PROBLEM TO SOLVE.
Would you please give the entries again word for word, with no images in your copy?

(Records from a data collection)
────────────────────

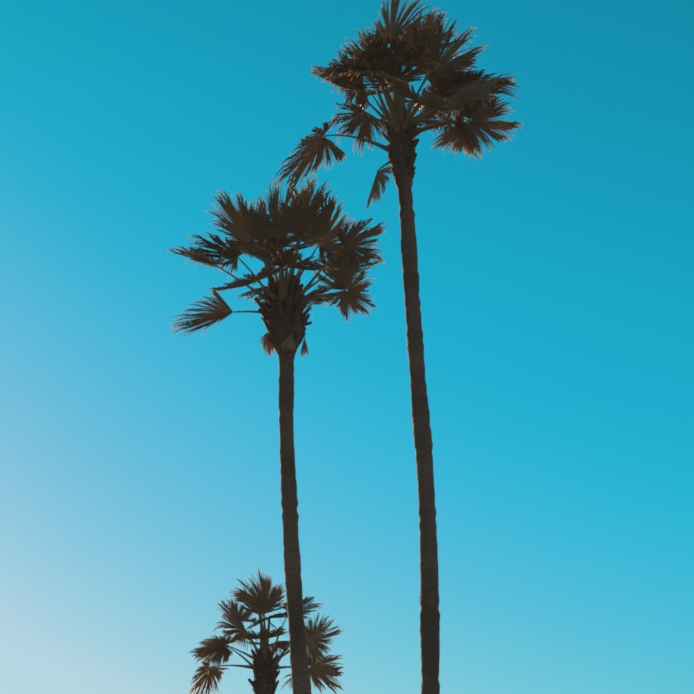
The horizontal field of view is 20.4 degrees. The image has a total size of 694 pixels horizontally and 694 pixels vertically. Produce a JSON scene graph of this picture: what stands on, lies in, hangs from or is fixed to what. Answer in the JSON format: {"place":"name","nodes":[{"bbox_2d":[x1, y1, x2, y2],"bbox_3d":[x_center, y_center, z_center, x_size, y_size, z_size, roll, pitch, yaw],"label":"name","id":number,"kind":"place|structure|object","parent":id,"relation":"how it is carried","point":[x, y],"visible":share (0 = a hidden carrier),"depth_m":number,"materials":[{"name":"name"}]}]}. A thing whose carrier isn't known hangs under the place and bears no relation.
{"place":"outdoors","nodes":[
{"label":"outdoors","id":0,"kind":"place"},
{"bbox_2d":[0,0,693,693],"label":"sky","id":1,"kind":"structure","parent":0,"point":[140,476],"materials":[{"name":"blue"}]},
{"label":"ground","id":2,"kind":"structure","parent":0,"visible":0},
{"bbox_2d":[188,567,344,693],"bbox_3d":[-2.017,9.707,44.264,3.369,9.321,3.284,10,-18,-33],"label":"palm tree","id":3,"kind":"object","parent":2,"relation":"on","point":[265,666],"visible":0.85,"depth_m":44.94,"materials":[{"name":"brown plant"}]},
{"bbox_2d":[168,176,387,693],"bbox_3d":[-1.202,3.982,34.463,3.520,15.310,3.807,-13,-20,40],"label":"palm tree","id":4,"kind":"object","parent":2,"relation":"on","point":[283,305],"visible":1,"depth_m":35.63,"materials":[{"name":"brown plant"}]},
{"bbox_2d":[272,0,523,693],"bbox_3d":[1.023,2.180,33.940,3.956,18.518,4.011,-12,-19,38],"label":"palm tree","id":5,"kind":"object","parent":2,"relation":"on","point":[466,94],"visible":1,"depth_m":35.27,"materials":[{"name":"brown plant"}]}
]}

────────────────────

EXERCISE ANSWER.
The horizontal field of view is 20.4 degrees. The image has a total size of 694 pixels horizontally and 694 pixels vertically. Produce a JSON scene graph of this picture: what stands on, lies in, hangs from or is fixed to what. Answer in the JSON format: {"place":"name","nodes":[{"bbox_2d":[x1, y1, x2, y2],"bbox_3d":[x_center, y_center, z_center, x_size, y_size, z_size, roll, pitch, yaw],"label":"name","id":number,"kind":"place|structure|object","parent":id,"relation":"how it is carried","point":[x, y],"visible":share (0 = a hidden carrier),"depth_m":number,"materials":[{"name":"name"}]}]}. A thing whose carrier isn't known hangs under the place and bears no relation.
{"place":"outdoors","nodes":[
{"label":"outdoors","id":0,"kind":"place"},
{"bbox_2d":[0,0,693,693],"label":"sky","id":1,"kind":"structure","parent":0,"point":[140,476],"materials":[{"name":"blue"}]},
{"label":"ground","id":2,"kind":"structure","parent":0,"visible":0},
{"bbox_2d":[188,567,344,693],"bbox_3d":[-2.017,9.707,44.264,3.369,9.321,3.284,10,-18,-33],"label":"palm tree","id":3,"kind":"object","parent":2,"relation":"on","point":[265,666],"visible":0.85,"depth_m":44.94,"materials":[{"name":"brown plant"}]},
{"bbox_2d":[168,176,387,693],"bbox_3d":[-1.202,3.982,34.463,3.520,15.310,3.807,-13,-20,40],"label":"palm tree","id":4,"kind":"object","parent":2,"relation":"on","point":[283,305],"visible":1,"depth_m":35.63,"materials":[{"name":"brown plant"}]},
{"bbox_2d":[272,0,523,693],"bbox_3d":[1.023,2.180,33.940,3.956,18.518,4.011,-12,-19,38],"label":"palm tree","id":5,"kind":"object","parent":2,"relation":"on","point":[466,94],"visible":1,"depth_m":35.27,"materials":[{"name":"brown plant"}]}
]}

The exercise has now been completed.